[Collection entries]
▼

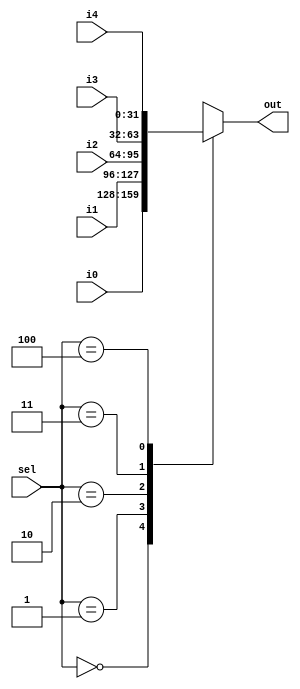
module mux32three(i0,i1,i2,i3,i4,sel,out);
input [31:0] i0,i1,i2,i3,i4;
input [2:0] sel;
output [31:0] out;
reg [31:0] out;

always @ (i0 or i1 or i2 or i3 or i4 or sel)

begin
	case(sel)
	3'b000: out = i0;//tambah
	//tambah1
	3'b001: out = i1;//tolak
	//tolak1
	3'b010: out = i2;//darab
	3'b011: out = i3;//shift kanan
	3'b100: out = i4;//shift kiri
	default: out = 32'bx;
	endcase
end
endmodule

▲

Pictures aside, repeat each entry in full and without change.

module mux32three(i0,i1,i2,i3,i4,sel,out);
input [31:0] i0,i1,i2,i3,i4;
input [2:0] sel;
output [31:0] out;
reg [31:0] out;

always @ (i0 or i1 or i2 or i3 or i4 or sel)

begin
	case(sel)
	3'b000: out = i0;//tambah
	//tambah1
	3'b001: out = i1;//tolak
	//tolak1
	3'b010: out = i2;//darab
	3'b011: out = i3;//shift kanan
	3'b100: out = i4;//shift kiri
	default: out = 32'bx;
	endcase
end
endmodule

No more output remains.